/Spring_etal_2021_ESD

Reproducibility

Primary LanguageJupyter NotebookGNU General Public License v3.0GPL-3.0

Spring et al. 2021

A manuscript published in ESD: https://esd.copernicus.org/articles/12/1139/2021/

Aim

This repo is setup for scientists interested to reproduce our Spring et al., 2021 paper. It contains scripts to reproduce the analysis and create the shown figures.
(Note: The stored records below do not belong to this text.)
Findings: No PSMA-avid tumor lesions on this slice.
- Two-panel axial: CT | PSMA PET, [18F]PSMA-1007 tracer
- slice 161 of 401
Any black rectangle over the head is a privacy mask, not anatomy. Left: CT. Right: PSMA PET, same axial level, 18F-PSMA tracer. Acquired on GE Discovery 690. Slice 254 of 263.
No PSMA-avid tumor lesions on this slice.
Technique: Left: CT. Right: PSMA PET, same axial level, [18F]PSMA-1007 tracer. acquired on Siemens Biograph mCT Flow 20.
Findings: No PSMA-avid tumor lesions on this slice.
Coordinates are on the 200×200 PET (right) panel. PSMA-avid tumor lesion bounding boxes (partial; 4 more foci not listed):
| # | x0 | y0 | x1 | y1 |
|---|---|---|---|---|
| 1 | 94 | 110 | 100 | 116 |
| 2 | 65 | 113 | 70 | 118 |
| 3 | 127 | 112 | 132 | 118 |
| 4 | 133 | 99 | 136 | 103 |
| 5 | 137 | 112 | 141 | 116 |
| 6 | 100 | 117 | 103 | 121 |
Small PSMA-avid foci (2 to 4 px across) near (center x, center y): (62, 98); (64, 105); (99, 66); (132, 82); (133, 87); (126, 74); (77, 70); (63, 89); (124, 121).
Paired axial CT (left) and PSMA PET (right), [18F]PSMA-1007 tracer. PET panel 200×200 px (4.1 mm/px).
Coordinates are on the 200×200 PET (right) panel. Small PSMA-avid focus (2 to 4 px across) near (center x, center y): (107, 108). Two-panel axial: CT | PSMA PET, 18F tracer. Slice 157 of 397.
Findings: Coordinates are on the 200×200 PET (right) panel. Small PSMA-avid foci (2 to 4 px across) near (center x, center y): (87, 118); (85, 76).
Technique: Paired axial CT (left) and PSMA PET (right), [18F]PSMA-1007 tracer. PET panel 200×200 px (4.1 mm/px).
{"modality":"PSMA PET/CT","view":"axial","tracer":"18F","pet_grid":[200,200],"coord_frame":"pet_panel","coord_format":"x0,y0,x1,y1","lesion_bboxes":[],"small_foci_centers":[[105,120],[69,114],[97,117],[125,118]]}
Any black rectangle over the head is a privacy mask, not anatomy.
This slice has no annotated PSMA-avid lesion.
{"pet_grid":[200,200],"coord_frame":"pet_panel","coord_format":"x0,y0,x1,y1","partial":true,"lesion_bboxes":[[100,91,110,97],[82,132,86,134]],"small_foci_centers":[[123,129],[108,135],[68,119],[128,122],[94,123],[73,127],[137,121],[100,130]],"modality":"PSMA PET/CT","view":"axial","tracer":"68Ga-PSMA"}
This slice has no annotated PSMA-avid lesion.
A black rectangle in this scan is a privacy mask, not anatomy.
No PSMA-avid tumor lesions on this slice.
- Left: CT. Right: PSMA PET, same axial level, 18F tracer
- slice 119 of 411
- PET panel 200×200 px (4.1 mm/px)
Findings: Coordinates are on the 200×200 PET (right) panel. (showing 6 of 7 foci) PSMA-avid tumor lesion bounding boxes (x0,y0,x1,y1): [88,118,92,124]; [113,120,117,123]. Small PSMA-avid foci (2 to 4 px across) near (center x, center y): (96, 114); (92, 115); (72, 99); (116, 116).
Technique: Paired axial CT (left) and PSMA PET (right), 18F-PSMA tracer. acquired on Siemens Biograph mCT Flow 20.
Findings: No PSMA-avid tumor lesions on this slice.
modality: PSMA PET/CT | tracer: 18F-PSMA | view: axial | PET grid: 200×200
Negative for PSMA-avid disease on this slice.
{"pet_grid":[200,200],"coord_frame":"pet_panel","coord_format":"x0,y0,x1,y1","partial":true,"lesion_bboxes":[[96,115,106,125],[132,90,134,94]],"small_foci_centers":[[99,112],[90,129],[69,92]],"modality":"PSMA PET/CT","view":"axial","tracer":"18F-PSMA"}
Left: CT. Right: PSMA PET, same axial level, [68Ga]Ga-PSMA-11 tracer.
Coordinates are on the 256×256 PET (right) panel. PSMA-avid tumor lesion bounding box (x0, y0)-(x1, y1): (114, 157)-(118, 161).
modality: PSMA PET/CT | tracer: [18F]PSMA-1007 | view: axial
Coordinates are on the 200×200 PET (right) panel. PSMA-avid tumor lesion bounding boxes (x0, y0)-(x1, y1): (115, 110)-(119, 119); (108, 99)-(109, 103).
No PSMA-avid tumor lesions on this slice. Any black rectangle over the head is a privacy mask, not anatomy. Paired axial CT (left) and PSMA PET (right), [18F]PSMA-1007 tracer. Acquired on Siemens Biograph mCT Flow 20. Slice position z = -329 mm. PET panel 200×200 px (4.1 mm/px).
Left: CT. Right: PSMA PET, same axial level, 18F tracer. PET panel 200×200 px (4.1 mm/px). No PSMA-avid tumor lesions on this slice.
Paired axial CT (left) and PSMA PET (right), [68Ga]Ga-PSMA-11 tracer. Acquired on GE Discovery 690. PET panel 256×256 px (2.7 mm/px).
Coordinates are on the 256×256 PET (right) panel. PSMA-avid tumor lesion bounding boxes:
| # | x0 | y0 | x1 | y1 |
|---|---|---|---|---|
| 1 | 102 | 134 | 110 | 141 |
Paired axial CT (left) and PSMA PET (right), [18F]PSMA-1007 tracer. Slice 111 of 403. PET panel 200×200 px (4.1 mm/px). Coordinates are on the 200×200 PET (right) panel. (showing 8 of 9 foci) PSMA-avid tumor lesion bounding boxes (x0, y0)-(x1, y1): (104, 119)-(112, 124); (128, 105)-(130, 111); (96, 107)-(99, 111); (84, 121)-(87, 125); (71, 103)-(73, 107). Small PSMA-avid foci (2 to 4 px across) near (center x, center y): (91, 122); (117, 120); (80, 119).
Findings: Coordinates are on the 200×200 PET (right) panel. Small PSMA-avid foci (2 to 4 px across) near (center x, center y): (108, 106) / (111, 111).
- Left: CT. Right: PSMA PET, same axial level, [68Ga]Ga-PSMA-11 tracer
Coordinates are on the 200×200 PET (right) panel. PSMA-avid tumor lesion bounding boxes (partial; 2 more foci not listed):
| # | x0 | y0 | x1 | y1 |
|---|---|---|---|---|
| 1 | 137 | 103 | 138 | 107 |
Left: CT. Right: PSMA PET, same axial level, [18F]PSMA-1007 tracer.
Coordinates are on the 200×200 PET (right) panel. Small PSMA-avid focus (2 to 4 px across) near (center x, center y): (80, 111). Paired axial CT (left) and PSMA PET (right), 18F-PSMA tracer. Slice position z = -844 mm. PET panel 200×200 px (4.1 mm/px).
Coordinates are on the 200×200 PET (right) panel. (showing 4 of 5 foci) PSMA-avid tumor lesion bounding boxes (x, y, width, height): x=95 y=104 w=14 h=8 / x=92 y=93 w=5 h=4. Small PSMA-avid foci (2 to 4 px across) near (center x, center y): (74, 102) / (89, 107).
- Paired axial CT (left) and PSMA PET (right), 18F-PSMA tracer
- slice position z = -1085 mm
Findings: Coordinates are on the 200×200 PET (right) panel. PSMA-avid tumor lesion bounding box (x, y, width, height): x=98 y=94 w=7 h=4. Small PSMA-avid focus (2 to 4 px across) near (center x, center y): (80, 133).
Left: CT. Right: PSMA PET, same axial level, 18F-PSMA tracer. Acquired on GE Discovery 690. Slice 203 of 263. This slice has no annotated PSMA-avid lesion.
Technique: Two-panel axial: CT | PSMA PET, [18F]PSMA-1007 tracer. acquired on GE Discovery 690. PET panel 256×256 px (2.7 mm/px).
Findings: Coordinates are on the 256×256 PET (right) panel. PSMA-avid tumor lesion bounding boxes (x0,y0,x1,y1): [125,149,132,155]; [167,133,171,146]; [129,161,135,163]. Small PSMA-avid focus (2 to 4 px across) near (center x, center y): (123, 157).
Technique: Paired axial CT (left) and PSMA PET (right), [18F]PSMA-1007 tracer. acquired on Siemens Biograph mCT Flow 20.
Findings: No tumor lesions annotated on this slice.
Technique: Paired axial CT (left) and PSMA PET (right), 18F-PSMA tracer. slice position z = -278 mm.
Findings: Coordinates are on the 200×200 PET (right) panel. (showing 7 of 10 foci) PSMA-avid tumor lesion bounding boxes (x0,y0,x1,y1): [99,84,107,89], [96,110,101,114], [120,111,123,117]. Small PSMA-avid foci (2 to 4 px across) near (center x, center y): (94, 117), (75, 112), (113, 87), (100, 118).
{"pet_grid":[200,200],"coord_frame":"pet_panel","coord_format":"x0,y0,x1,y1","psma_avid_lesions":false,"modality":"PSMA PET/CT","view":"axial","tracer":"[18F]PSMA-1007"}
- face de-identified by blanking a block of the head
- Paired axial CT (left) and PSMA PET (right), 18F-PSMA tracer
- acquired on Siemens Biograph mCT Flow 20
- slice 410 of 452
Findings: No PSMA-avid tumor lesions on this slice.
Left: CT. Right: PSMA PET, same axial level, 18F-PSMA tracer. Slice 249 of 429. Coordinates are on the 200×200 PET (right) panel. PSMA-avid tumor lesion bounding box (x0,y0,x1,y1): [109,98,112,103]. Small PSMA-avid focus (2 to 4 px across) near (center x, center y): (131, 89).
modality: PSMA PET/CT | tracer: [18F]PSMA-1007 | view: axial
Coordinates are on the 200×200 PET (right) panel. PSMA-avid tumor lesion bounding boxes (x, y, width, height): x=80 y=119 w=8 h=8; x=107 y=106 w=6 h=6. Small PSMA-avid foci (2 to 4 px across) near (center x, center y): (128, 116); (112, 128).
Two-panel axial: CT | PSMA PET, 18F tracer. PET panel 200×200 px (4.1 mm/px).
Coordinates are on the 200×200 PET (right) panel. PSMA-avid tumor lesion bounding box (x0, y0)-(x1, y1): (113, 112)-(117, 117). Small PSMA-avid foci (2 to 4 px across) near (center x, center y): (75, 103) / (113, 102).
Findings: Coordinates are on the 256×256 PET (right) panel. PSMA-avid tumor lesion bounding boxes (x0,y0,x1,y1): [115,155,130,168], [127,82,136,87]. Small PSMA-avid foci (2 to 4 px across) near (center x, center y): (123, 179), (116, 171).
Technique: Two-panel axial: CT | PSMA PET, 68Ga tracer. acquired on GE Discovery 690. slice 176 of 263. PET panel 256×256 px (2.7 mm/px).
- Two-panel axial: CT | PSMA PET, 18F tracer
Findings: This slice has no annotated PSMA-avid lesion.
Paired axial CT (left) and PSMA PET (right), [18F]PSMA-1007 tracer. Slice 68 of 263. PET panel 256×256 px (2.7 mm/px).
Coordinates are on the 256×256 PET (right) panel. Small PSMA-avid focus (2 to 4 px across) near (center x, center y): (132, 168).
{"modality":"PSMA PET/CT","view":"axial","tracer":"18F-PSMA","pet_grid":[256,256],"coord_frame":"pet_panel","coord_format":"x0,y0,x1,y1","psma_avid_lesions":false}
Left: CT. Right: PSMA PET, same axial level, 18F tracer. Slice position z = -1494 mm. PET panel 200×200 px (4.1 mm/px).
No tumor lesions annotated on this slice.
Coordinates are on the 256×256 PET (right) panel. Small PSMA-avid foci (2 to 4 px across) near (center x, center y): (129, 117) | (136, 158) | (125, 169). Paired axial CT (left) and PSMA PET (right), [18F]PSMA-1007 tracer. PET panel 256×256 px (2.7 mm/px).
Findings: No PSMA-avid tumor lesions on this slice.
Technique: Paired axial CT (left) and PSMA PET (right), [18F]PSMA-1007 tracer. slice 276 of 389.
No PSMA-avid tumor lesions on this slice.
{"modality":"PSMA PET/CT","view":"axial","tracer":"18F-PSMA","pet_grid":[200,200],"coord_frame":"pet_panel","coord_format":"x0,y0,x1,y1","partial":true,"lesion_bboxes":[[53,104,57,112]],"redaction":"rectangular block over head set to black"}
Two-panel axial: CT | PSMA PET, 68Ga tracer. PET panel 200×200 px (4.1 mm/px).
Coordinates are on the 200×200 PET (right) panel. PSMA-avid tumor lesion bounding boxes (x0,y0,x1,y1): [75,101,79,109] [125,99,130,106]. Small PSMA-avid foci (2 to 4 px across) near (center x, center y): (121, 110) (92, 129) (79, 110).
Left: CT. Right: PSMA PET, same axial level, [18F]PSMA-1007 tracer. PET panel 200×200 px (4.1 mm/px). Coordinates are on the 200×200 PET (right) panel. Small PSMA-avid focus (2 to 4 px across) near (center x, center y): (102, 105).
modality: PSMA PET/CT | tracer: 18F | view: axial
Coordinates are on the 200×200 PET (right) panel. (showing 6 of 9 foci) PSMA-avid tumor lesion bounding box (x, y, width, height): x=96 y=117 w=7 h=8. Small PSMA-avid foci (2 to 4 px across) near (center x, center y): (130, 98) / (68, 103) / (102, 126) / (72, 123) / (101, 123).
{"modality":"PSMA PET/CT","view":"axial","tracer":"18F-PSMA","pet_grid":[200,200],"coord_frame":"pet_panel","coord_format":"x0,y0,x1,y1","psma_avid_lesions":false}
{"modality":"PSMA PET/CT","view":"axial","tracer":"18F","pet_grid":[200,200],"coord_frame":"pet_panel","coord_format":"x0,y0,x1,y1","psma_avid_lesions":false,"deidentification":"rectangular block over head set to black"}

It is inspired by Irving (2015) to enhance reproducibility in geosciences.

  • Irving, Damien. “A Minimum Standard for Publishing Computational Results in the Weather and Climate Sciences.” Bulletin of the American Meteorological Society 97, no. 7 (October 7, 2015): 1149–58. https://doi.org/10/gf4wzh.

Climate model setup

  • Mauritsen, T., Bader, J., Becker, T., Behrens, J., Bittner, M., Brokopf, R., Brovkin, V., Claussen, M., Crueger, T., Esch, M., Fast, I., Fiedler, S., Fläschner, D., Gayler, V., Giorgetta, M., Goll, D. S., Haak, H., Hagemann, S., Hedemann, C., … Roeckner, E. (2019). Developments in the MPI‐M Earth System Model version 1.2 (MPI‐ESM1.2) and Its Response to Increasing CO 2. Journal of Advances in Modeling Earth Systems, 11(4), 998–1038. doi: 10/gftpps

See model_setup

Packages used mostly

  • model output aggregation: cdo, pymistral
  • analysis: xarray
  • visualisation: matplotlib, cartopy, seaborn
  • predictive skill analysis: climpred

Computation

The results in this paper were obtained using a number of different software packages. The command line tool known as Climate Data Operators (CDO) was used to aggregate output and perform routine calculations on those files (e.g., the calculation of temporal and spatial means). For more complex analysis and visualization, a Python distribution called Anaconda was used. A Python library called xarray was used for reading/writing netCDF files and data analysis. matplotlib (the default Python plotting library) and cartopy were used to generate the maps. The high-dimensional global aggregation plots are done with seaborn.

  • CDO: Climate Data Operators, 2018. http://www.mpimet.mpg.de/cdo.
  • Hoyer, Stephan, and Joe Hamman. “Xarray: N-D Labeled Arrays and Datasets in Python.” Journal of Open Research Software 5, no. 1 (April 5, 2017). https://doi.org/10/gdqdmw.
  • Hunter, J. D. “Matplotlib: A 2D Graphics Environment.” Computing in Science Engineering 9, no. 3 (May 2007): 90–95. https://doi.org/10/drbjhg.
  • Waskom, M., Olga Botvinnik, Paul Hobson, John B. Cole, Yaroslav Halchenko, Stephan Hoyer, Alistair Miles, Tom Augspurger, Tal Yarkoni, Tobias Megies, Luis Pedro Coelho, Daniel Wehner, cynddl, Erik Ziegler, diego0020, Yury V. Zaytsev, Travis Hoppe, Skipper Seabold, Phillip Cloud, … Dan Allan. (2014). seaborn: v0.5.0 (November 2014). Zenodo. doi: 10.5281/zenodo.12710
  • Brady, R. X., & Spring, A. (2020). climpred: verification of weather and climate forecasts. Journal of Open Source Software.

Environment

Dependencies (Packages installed) can be found in requirements.txt (conda list in requirements_final.txt). Installed via conda (see setup conda_info.txt) and pip.